Building MatchWise🃏: Turning a 1B Model into a Tiny Game Director
When I started building MatchWise, the idea was simple:
What if a memory card game could keep creating new learning boards forever?
Most memory games are static. You flip a few cards, match the pairs, and eventually the board repeats. That is fun for a few minutes, but it rarely feels alive.
I wanted MatchWise to feel different. I wanted the game to behave like a tiny AI game director sitting behind the board, deciding what the next theme should be, what the player should memorize, when the game should become harder, and when the player has must face a challenge.
The result is MatchWise, an AI-powered educational memory game built with Gradio, MiniCPM5-1B-GGUF, and llama.cpp. It is a small game, powered by a small model, but the model is not just decoration. It is part of the gameplay loop.
I also wanted the build process itself to reflect the same idea that small, practical AI systems helping at the right moments. I used Codex as a coding partner while building the app, especially when the project grew from a simple card-flip prototype into a full game loop with state management, leaderboard persistence, local model inference, validation, and custom frontend behavior.
The Core Idea
MatchWise starts like a familiar memory game.

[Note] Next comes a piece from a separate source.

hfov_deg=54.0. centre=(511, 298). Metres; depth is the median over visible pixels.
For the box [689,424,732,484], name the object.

You see a board of emoji cards. You get a short preview timer. The cards flip down. Then you try to match each pair from memory.
But the important difference is that the levels are not fixed.

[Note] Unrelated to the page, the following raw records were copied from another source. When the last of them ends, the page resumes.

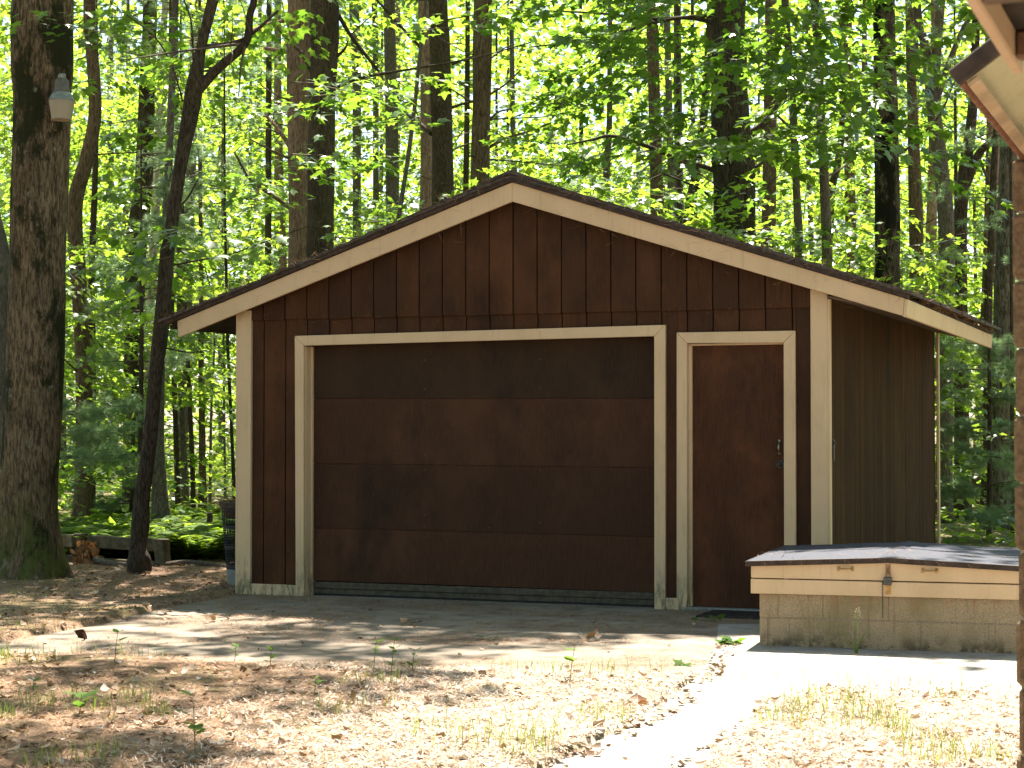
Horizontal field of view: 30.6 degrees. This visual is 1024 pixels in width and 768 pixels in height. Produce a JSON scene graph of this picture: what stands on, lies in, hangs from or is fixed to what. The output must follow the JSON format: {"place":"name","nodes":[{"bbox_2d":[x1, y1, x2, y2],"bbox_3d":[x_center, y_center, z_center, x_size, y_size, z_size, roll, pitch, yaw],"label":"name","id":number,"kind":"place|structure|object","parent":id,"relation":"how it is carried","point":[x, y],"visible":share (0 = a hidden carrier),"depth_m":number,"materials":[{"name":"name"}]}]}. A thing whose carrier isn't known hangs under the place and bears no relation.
{"place":"outdoors","nodes":[
{"label":"outdoors","id":0,"kind":"place"},
{"bbox_2d":[0,593,759,680],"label":"driveway","id":1,"kind":"structure","parent":0,"point":[687,644],"depth_m":12.54,"materials":[{"name":"concrete"}]},
{"bbox_2d":[0,0,985,433],"label":"sky","id":2,"kind":"structure","parent":0,"point":[703,4],"materials":[{"name":"white"}]},
{"bbox_2d":[0,434,1018,767],"bbox_3d":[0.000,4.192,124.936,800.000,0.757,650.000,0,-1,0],"label":"ground","id":3,"kind":"structure","parent":0,"point":[98,600],"depth_m":9.47,"materials":[{"name":"soil"}]},
{"bbox_2d":[0,214,8,458],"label":"tree","id":4,"kind":"object","parent":3,"relation":"on","point":[4,266],"visible":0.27,"depth_m":19.41,"materials":[{"name":"brown plant"}]},
{"bbox_2d":[0,0,73,579],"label":"tree","id":5,"kind":"object","parent":3,"relation":"on","point":[31,545],"visible":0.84,"depth_m":16.81,"materials":[{"name":"brown plant"}]},
{"bbox_2d":[48,73,74,130],"bbox_3d":[-4.079,-2.519,16.771,0.348,0.516,0.237,-1,-2,29],"label":"yard lamp","id":6,"kind":"object","parent":5,"relation":"attached to","point":[61,100],"visible":1,"depth_m":16.68,"materials":[{"name":"glass"}]},
{"bbox_2d":[0,10,132,351],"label":"tree","id":7,"kind":"object","parent":3,"relation":"on","point":[75,146],"visible":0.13,"depth_m":38.40,"materials":[{"name":"green plant"}]},
{"bbox_2d":[3,216,154,466],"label":"sapling","id":8,"kind":"object","parent":3,"relation":"on","point":[86,224],"visible":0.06,"depth_m":29.57,"materials":[{"name":"green plant"}]},
{"bbox_2d":[4,226,157,505],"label":"sapling","id":9,"kind":"object","parent":3,"relation":"on","point":[123,323],"visible":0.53,"depth_m":22.37,"materials":[{"name":"green plant"}]},
{"bbox_2d":[0,63,173,477],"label":"tree","id":10,"kind":"object","parent":3,"relation":"on","point":[112,117],"visible":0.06,"depth_m":40.00,"materials":[{"name":"green plant"}]},
{"bbox_2d":[3,222,192,487],"bbox_3d":[-6.351,-0.224,25.922,3.858,4.681,4.040,0,-1,17],"label":"sapling","id":11,"kind":"object","parent":3,"relation":"on","point":[167,375],"visible":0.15,"depth_m":25.88,"materials":[{"name":"green plant"}]},
{"bbox_2d":[60,345,145,474],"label":"young pine","id":12,"kind":"object","parent":3,"relation":"on","point":[85,432],"visible":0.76,"depth_m":20.54,"materials":[{"name":"green plant"}]},
{"bbox_2d":[0,10,211,425],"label":"tree","id":13,"kind":"object","parent":3,"relation":"on","point":[125,76],"visible":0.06,"depth_m":36.26,"materials":[{"name":"green plant"}]},
{"bbox_2d":[75,336,150,513],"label":"young pine","id":14,"kind":"object","parent":3,"relation":"on","point":[101,503],"visible":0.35,"depth_m":24.48,"materials":[{"name":"green plant"}]},
{"bbox_2d":[61,533,170,562],"bbox_3d":[-4.390,1.714,18.848,2.400,0.430,0.154,-1,-2,29],"label":"plank fence","id":15,"kind":"object","parent":3,"relation":"on","point":[160,547],"visible":0.43,"depth_m":18.60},
{"bbox_2d":[4,0,232,416],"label":"tree","id":16,"kind":"object","parent":3,"relation":"on","point":[110,148],"visible":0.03,"depth_m":47.86,"materials":[{"name":"green plant"}]},
{"bbox_2d":[65,0,178,520],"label":"tree","id":17,"kind":"object","parent":3,"relation":"on","point":[79,182],"visible":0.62,"depth_m":23.68,"materials":[{"name":"brown plant"}]},
{"bbox_2d":[0,0,268,500],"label":"tree","id":18,"kind":"object","parent":3,"relation":"on","point":[96,180],"visible":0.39,"depth_m":26.02,"materials":[{"name":"green plant"}]},
{"bbox_2d":[77,113,207,473],"bbox_3d":[-4.430,-0.635,22.491,1.637,5.300,1.564,0,-1,-18],"label":"tree","id":19,"kind":"object","parent":3,"relation":"on","point":[159,152],"visible":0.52,"depth_m":22.58,"materials":[{"name":"green plant"}]},
{"bbox_2d":[0,0,288,416],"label":"tree","id":20,"kind":"object","parent":3,"relation":"on","point":[152,200],"visible":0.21,"depth_m":29.00,"materials":[{"name":"plant"}]},
{"bbox_2d":[66,550,225,566],"bbox_3d":[-3.688,1.744,18.395,2.495,0.131,0.540,-1,-2,33],"label":"fallen branch","id":21,"kind":"object","parent":3,"relation":"on","point":[99,560],"visible":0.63,"depth_m":18.24,"materials":[{"name":"wood"}]},
{"bbox_2d":[58,225,235,494],"bbox_3d":[-4.887,-0.064,24.855,3.150,4.291,3.468,0,-1,-6],"label":"sapling","id":22,"kind":"object","parent":3,"relation":"on","point":[200,391],"visible":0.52,"depth_m":24.80,"materials":[{"name":"green plant"}]},
{"bbox_2d":[59,505,234,559],"bbox_3d":[-3.812,1.736,22.644,3.961,0.335,7.919,0,-1,0],"label":"fern patch","id":23,"kind":"object","parent":3,"relation":"on","point":[187,532],"visible":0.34,"depth_m":19.82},
{"bbox_2d":[82,0,248,505],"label":"tree","id":24,"kind":"object","parent":3,"relation":"on","point":[147,110],"visible":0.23,"depth_m":27.97,"materials":[{"name":"brown plant"}]},
{"bbox_2d":[88,0,250,505],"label":"tree","id":25,"kind":"object","parent":3,"relation":"on","point":[176,434],"visible":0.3,"depth_m":26.97,"materials":[{"name":"brown plant"}]},
{"bbox_2d":[68,88,273,440],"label":"tree","id":26,"kind":"object","parent":3,"relation":"on","point":[219,235],"visible":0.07,"depth_m":45.57,"materials":[{"name":"green plant"}]},
{"bbox_2d":[122,1,220,507],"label":"tree","id":27,"kind":"object","parent":3,"relation":"on","point":[191,451],"visible":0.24,"depth_m":28.96,"materials":[{"name":"brown plant"}]},
{"bbox_2d":[66,60,288,486],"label":"tree","id":28,"kind":"object","parent":3,"relation":"on","point":[215,198],"visible":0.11,"depth_m":40.29,"materials":[{"name":"green plant"}]},
{"bbox_2d":[96,0,285,506],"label":"tree","id":29,"kind":"object","parent":3,"relation":"on","point":[182,417],"visible":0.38,"depth_m":27.39,"materials":[{"name":"green plant"}]},
{"bbox_2d":[97,213,287,502],"bbox_3d":[-5.020,-0.300,30.959,4.248,5.092,3.856,0,-1,-15],"label":"sapling","id":30,"kind":"object","parent":3,"relation":"on","point":[168,434],"visible":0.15,"depth_m":30.94,"materials":[{"name":"green plant"}]},
{"bbox_2d":[111,0,287,508],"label":"tree","id":31,"kind":"object","parent":3,"relation":"on","point":[202,435],"visible":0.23,"depth_m":29.98,"materials":[{"name":"green plant"}]},
{"bbox_2d":[73,0,332,521],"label":"tree","id":32,"kind":"object","parent":3,"relation":"on","point":[160,507],"visible":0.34,"depth_m":22.46,"materials":[{"name":"brown plant"}]},
{"bbox_2d":[154,0,272,495],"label":"tree","id":33,"kind":"object","parent":3,"relation":"on","point":[188,173],"visible":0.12,"depth_m":32.24,"materials":[{"name":"brown plant"}]},
{"bbox_2d":[206,496,235,584],"bbox_3d":[-2.322,1.330,16.175,0.641,0.870,0.623,1,-1,-23],"label":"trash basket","id":34,"kind":"object","parent":3,"relation":"on","point":[228,508],"visible":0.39,"depth_m":16.03,"materials":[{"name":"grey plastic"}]},
{"bbox_2d":[189,0,287,499],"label":"tree","id":35,"kind":"object","parent":3,"relation":"on","point":[228,353],"visible":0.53,"depth_m":26.03,"materials":[{"name":"brown plant"}]},
{"bbox_2d":[0,561,498,766],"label":"bleached leaves","id":36,"kind":"object","parent":3,"relation":"on","point":[184,670],"visible":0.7,"depth_m":9.49,"materials":[{"name":"beige plant"}]},
{"bbox_2d":[86,0,417,304],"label":"tree","id":37,"kind":"object","parent":3,"relation":"on","point":[268,173],"visible":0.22,"depth_m":34.46,"materials":[{"name":"green plant"}]},
{"bbox_2d":[7,0,507,573],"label":"tree","id":38,"kind":"object","parent":3,"relation":"on","point":[195,86],"visible":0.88,"depth_m":17.58,"materials":[{"name":"green plant"}]},
{"bbox_2d":[174,0,347,408],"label":"tree","id":39,"kind":"object","parent":3,"relation":"on","point":[257,189],"visible":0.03,"depth_m":49.48,"materials":[{"name":"plant"}]},
{"bbox_2d":[113,0,419,384],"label":"tree","id":40,"kind":"object","parent":3,"relation":"on","point":[277,86],"visible":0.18,"depth_m":38.38,"materials":[{"name":"plant"}]},
{"bbox_2d":[230,0,310,266],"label":"tree","id":41,"kind":"object","parent":3,"relation":"on","point":[296,141],"visible":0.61,"depth_m":24.45,"materials":[{"name":"brown wood"}]},
{"bbox_2d":[159,116,405,420],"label":"tree","id":42,"kind":"object","parent":3,"relation":"on","point":[284,128],"visible":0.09,"depth_m":45.38,"materials":[{"name":"green plant"}]},
{"bbox_2d":[261,3,472,253],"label":"tree","id":43,"kind":"object","parent":3,"relation":"on","point":[376,179],"visible":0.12,"depth_m":40.07,"materials":[{"name":"green plant"}]},
{"bbox_2d":[272,4,463,262],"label":"tree","id":44,"kind":"object","parent":3,"relation":"on","point":[346,186],"visible":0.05,"depth_m":52.39,"materials":[{"name":"green plant"}]},
{"bbox_2d":[231,0,535,268],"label":"tree","id":45,"kind":"object","parent":3,"relation":"on","point":[455,129],"visible":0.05,"depth_m":43.22,"materials":[{"name":"plant"}]},
{"bbox_2d":[246,0,530,259],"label":"tree","id":46,"kind":"object","parent":3,"relation":"on","point":[320,206],"visible":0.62,"depth_m":23.44,"materials":[{"name":"brown wood"}]},
{"bbox_2d":[335,0,450,236],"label":"tree","id":47,"kind":"object","parent":3,"relation":"on","point":[356,149],"visible":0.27,"depth_m":38.08,"materials":[{"name":"brown plant"}]},
{"bbox_2d":[395,0,426,220],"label":"tree","id":48,"kind":"object","parent":3,"relation":"on","point":[406,169],"visible":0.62,"depth_m":22.06,"materials":[{"name":"brown plant"}]},
{"bbox_2d":[336,0,504,209],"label":"tree","id":49,"kind":"object","parent":3,"relation":"on","point":[442,152],"visible":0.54,"depth_m":27.98,"materials":[{"name":"brown plant"}]},
{"bbox_2d":[345,1,495,208],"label":"tree","id":50,"kind":"object","parent":3,"relation":"on","point":[425,163],"visible":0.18,"depth_m":31.02,"materials":[{"name":"brown plant"}]},
{"bbox_2d":[384,0,472,224],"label":"tree","id":51,"kind":"object","parent":3,"relation":"on","point":[391,135],"visible":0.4,"depth_m":34.04,"materials":[{"name":"brown plant"}]},
{"bbox_2d":[250,0,667,244],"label":"tree","id":52,"kind":"object","parent":3,"relation":"on","point":[467,124],"visible":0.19,"depth_m":36.29,"materials":[{"name":"green plant"}]},
{"bbox_2d":[368,6,618,226],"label":"tree","id":53,"kind":"object","parent":3,"relation":"on","point":[503,104],"visible":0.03,"depth_m":46.73,"materials":[{"name":"green plant"}]},
{"bbox_2d":[366,0,633,211],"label":"tree","id":54,"kind":"object","parent":3,"relation":"on","point":[480,121],"visible":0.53,"depth_m":27.00,"materials":[{"name":"brown plant"}]},
{"bbox_2d":[0,577,1015,767],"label":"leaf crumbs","id":55,"kind":"object","parent":3,"relation":"on","point":[327,695],"visible":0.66,"depth_m":9.17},
{"bbox_2d":[0,0,1017,457],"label":"distant woods","id":56,"kind":"object","parent":3,"relation":"on","point":[4,14],"visible":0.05,"depth_m":70.17,"materials":[{"name":"plant"}]},
{"bbox_2d":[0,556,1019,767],"bbox_3d":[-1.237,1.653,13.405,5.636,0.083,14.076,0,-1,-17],"label":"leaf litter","id":57,"kind":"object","parent":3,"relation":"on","point":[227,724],"visible":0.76,"depth_m":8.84,"materials":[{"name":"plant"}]},
{"bbox_2d":[0,639,1019,767],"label":"grass","id":58,"kind":"structure","parent":3,"relation":"on","point":[52,701],"depth_m":8.23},
{"bbox_2d":[0,561,1020,767],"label":"pine needles","id":59,"kind":"object","parent":3,"relation":"on","point":[314,749],"visible":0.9,"depth_m":8.74,"materials":[{"name":"plant"}]},
{"bbox_2d":[381,0,642,215],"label":"tree","id":60,"kind":"object","parent":3,"relation":"on","point":[513,60],"visible":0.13,"depth_m":40.20,"materials":[{"name":"green plant"}]},
{"bbox_2d":[58,430,1014,557],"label":"undergrowth","id":61,"kind":"object","parent":3,"relation":"on","point":[228,481],"visible":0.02,"depth_m":25.43,"materials":[{"name":"green plant"}]},
{"bbox_2d":[60,657,1019,767],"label":"bleached straw","id":62,"kind":"object","parent":3,"relation":"on","point":[583,733],"visible":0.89,"depth_m":8.40,"materials":[{"name":"beige plant"}]},
{"bbox_2d":[70,636,1020,690],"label":"edge grass","id":63,"kind":"structure","parent":3,"relation":"on","point":[637,669],"depth_m":10.26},
{"bbox_2d":[107,667,1018,767],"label":"bleached crumbs","id":64,"kind":"object","parent":3,"relation":"on","point":[998,691],"visible":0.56,"depth_m":8.50,"materials":[{"name":"beige plant"}]},
{"bbox_2d":[158,166,1000,610],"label":"garage","id":65,"kind":"structure","parent":3,"relation":"on","point":[510,386],"depth_m":14.83,"materials":[{"name":"brown"}]},
{"bbox_2d":[313,337,653,606],"bbox_3d":[-0.239,0.687,15.009,3.004,2.101,0.060,-1,-1,21],"label":"overhead door","id":66,"kind":"structure","parent":65,"relation":"in","point":[526,466],"depth_m":14.97,"materials":[{"name":"brown wood"}]},
{"bbox_2d":[693,344,783,608],"bbox_3d":[1.718,0.698,14.148,0.730,1.986,0.094,-1,-1,21],"label":"entry door","id":67,"kind":"structure","parent":65,"relation":"in","point":[738,390],"depth_m":14.17,"materials":[{"name":"wood"}]},
{"bbox_2d":[455,0,712,214],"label":"tree","id":68,"kind":"object","parent":3,"relation":"on","point":[586,149],"visible":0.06,"depth_m":42.56,"materials":[{"name":"green plant"}]},
{"bbox_2d":[149,665,1020,767],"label":"bleached leaves","id":69,"kind":"object","parent":3,"relation":"on","point":[570,718],"visible":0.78,"depth_m":8.51,"materials":[{"name":"beige plant"}]},
{"bbox_2d":[568,0,671,199],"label":"tree","id":70,"kind":"object","parent":3,"relation":"on","point":[608,128],"visible":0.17,"depth_m":36.09,"materials":[{"name":"brown plant"}]},
{"bbox_2d":[548,173,726,226],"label":"sapling","id":71,"kind":"object","parent":3,"relation":"on","point":[672,198],"visible":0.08,"depth_m":24.81,"materials":[{"name":"green plant"}]},
{"bbox_2d":[507,0,811,242],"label":"tree","id":72,"kind":"object","parent":3,"relation":"on","point":[726,174],"visible":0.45,"depth_m":25.89,"materials":[{"name":"brown plant"}]},
{"bbox_2d":[412,672,906,750],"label":"grass","id":73,"kind":"structure","parent":3,"relation":"on","point":[789,708],"depth_m":8.48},
{"bbox_2d":[522,8,807,259],"bbox_3d":[3.065,-2.733,38.060,6.165,10.231,6.258,0,-1,0],"label":"tree","id":74,"kind":"object","parent":3,"relation":"on","point":[668,79],"visible":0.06,"depth_m":38.06,"materials":[{"name":"green plant"}]},
{"bbox_2d":[630,3,704,215],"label":"tree","id":75,"kind":"object","parent":3,"relation":"on","point":[653,92],"visible":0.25,"depth_m":33.04,"materials":[{"name":"brown plant"}]},
{"bbox_2d":[548,0,819,245],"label":"tree","id":76,"kind":"object","parent":3,"relation":"on","point":[702,115],"visible":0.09,"depth_m":34.05,"materials":[{"name":"green plant"}]},
{"bbox_2d":[580,173,816,252],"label":"sapling","id":77,"kind":"object","parent":3,"relation":"on","point":[603,192],"visible":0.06,"depth_m":24.26,"materials":[{"name":"green plant"}]},
{"bbox_2d":[568,0,840,251],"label":"tree","id":78,"kind":"object","parent":3,"relation":"on","point":[684,23],"visible":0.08,"depth_m":42.12,"materials":[{"name":"green plant"}]},
{"bbox_2d":[475,0,949,258],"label":"tree","id":79,"kind":"object","parent":3,"relation":"on","point":[600,40],"visible":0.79,"depth_m":20.40,"materials":[{"name":"green plant"}]},
{"bbox_2d":[698,0,777,249],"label":"tree","id":80,"kind":"object","parent":3,"relation":"on","point":[768,169],"visible":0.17,"depth_m":30.77,"materials":[{"name":"brown plant"}]},
{"bbox_2d":[718,225,846,268],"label":"sapling","id":81,"kind":"object","parent":3,"relation":"on","point":[791,242],"visible":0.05,"depth_m":21.70,"materials":[{"name":"green plant"}]},
{"bbox_2d":[545,624,1020,767],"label":"walkway","id":82,"kind":"structure","parent":3,"relation":"on","point":[683,732],"depth_m":10.17,"materials":[{"name":"concrete"}]},
{"bbox_2d":[546,640,886,767],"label":"edge leaves","id":83,"kind":"object","parent":82,"relation":"on","point":[589,751],"visible":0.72,"depth_m":8.91,"materials":[{"name":"brown plant"}]},
{"bbox_2d":[745,541,1020,653],"bbox_3d":[2.564,1.368,12.344,1.803,0.652,1.672,0,-1,17],"label":"well box","id":84,"kind":"object","parent":82,"relation":"on","point":[950,597],"visible":0.98,"depth_m":11.65,"materials":[{"name":"concrete"}]},
{"bbox_2d":[571,0,1012,267],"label":"tree","id":85,"kind":"object","parent":3,"relation":"on","point":[816,106],"visible":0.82,"depth_m":20.07,"materials":[{"name":"green plant"}]},
{"bbox_2d":[661,0,972,274],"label":"tree","id":86,"kind":"object","parent":3,"relation":"on","point":[833,178],"visible":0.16,"depth_m":32.02,"materials":[{"name":"green plant"}]},
{"bbox_2d":[713,173,945,300],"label":"sapling","id":87,"kind":"object","parent":3,"relation":"on","point":[841,212],"visible":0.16,"depth_m":24.67,"materials":[{"name":"green plant"}]},
{"bbox_2d":[751,5,924,286],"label":"tree","id":88,"kind":"object","parent":3,"relation":"on","point":[809,186],"visible":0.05,"depth_m":45.40,"materials":[{"name":"green plant"}]},
{"bbox_2d":[703,0,992,386],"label":"tree","id":89,"kind":"object","parent":3,"relation":"on","point":[852,199],"visible":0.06,"depth_m":38.41,"materials":[{"name":"green plant"}]},
{"bbox_2d":[758,0,1017,415],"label":"tree","id":90,"kind":"object","parent":3,"relation":"on","point":[866,192],"visible":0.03,"depth_m":49.89,"materials":[{"name":"green plant"}]},
{"bbox_2d":[826,0,954,286],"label":"tree","id":91,"kind":"object","parent":3,"relation":"on","point":[887,192],"visible":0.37,"depth_m":23.45,"materials":[{"name":"black plant"}]},
{"bbox_2d":[802,222,1013,490],"bbox_3d":[4.345,0.059,22.595,2.966,3.917,3.267,1,-1,-21],"label":"sapling","id":92,"kind":"object","parent":3,"relation":"on","point":[865,248],"visible":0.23,"depth_m":22.34,"materials":[{"name":"green plant"}]},
{"bbox_2d":[802,0,1016,361],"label":"tree","id":93,"kind":"object","parent":3,"relation":"on","point":[915,201],"visible":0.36,"depth_m":30.01,"materials":[{"name":"brown plant"}]},
{"bbox_2d":[804,233,1015,488],"bbox_3d":[5.139,0.017,24.373,3.007,4.096,3.311,-1,-1,23],"label":"sapling","id":94,"kind":"object","parent":3,"relation":"on","point":[969,296],"visible":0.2,"depth_m":24.25,"materials":[{"name":"green plant"}]},
{"bbox_2d":[803,39,1018,413],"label":"tree","id":95,"kind":"object","parent":3,"relation":"on","point":[926,142],"visible":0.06,"depth_m":40.25,"materials":[{"name":"green plant"}]},
{"bbox_2d":[900,0,936,418],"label":"tree","id":96,"kind":"object","parent":3,"relation":"on","point":[931,211],"visible":0.1,"depth_m":33.69,"materials":[{"name":"brown wood"}]},
{"bbox_2d":[828,0,1016,503],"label":"tree","id":97,"kind":"object","parent":3,"relation":"on","point":[951,172],"visible":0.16,"depth_m":31.05,"materials":[{"name":"green plant"}]},
{"bbox_2d":[860,0,992,372],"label":"tree","id":98,"kind":"object","parent":3,"relation":"on","point":[946,52],"visible":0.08,"depth_m":38.08,"materials":[{"name":"green plant"}]},
{"bbox_2d":[901,0,986,522],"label":"tree","id":99,"kind":"object","parent":3,"relation":"on","point":[945,211],"visible":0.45,"depth_m":26.46,"materials":[{"name":"brown plant"}]},
{"bbox_2d":[912,14,999,519],"bbox_3d":[6.923,-5.986,27.399,4.814,16.230,4.978,0,-1,-7],"label":"tree","id":100,"kind":"object","parent":3,"relation":"on","point":[965,173],"visible":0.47,"depth_m":27.48,"materials":[{"name":"brown plant"}]},
{"bbox_2d":[896,0,1018,529],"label":"tree","id":101,"kind":"object","parent":3,"relation":"on","point":[1001,303],"visible":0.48,"depth_m":24.91,"materials":[{"name":"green plant"}]},
{"bbox_2d":[900,249,1016,483],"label":"sapling","id":102,"kind":"object","parent":3,"relation":"on","point":[927,282],"visible":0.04,"depth_m":27.46,"materials":[{"name":"green plant"}]},
{"bbox_2d":[934,261,1019,539],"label":"young pine","id":103,"kind":"object","parent":3,"relation":"on","point":[990,514],"visible":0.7,"depth_m":22.53,"materials":[{"name":"green plant"}]},
{"bbox_2d":[962,127,998,506],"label":"tree","id":104,"kind":"object","parent":3,"relation":"on","point":[993,186],"visible":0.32,"depth_m":27.00,"materials":[{"name":"brown plant"}]},
{"bbox_2d":[949,0,1023,767],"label":"house corner","id":105,"kind":"object","parent":3,"relation":"on","point":[988,75],"visible":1,"depth_m":4.93,"materials":[{"name":"wood"}]},
{"bbox_2d":[985,146,1014,532],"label":"tree","id":106,"kind":"object","parent":3,"relation":"on","point":[1012,415],"visible":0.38,"depth_m":24.02,"materials":[{"name":"brown plant"}]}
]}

Instead of hand-authoring a long list of boards, MatchWise asks a local small language model to help create fresh learning content as the player progresses. The model helps generate level themes, titles, messages, facts, and challenge content.
A board might start with simple themes like:
- school supplies
- garden plants
- weather signs
- musical instruments
- kitchen tools
Then the game continues creating new boards as the session goes on.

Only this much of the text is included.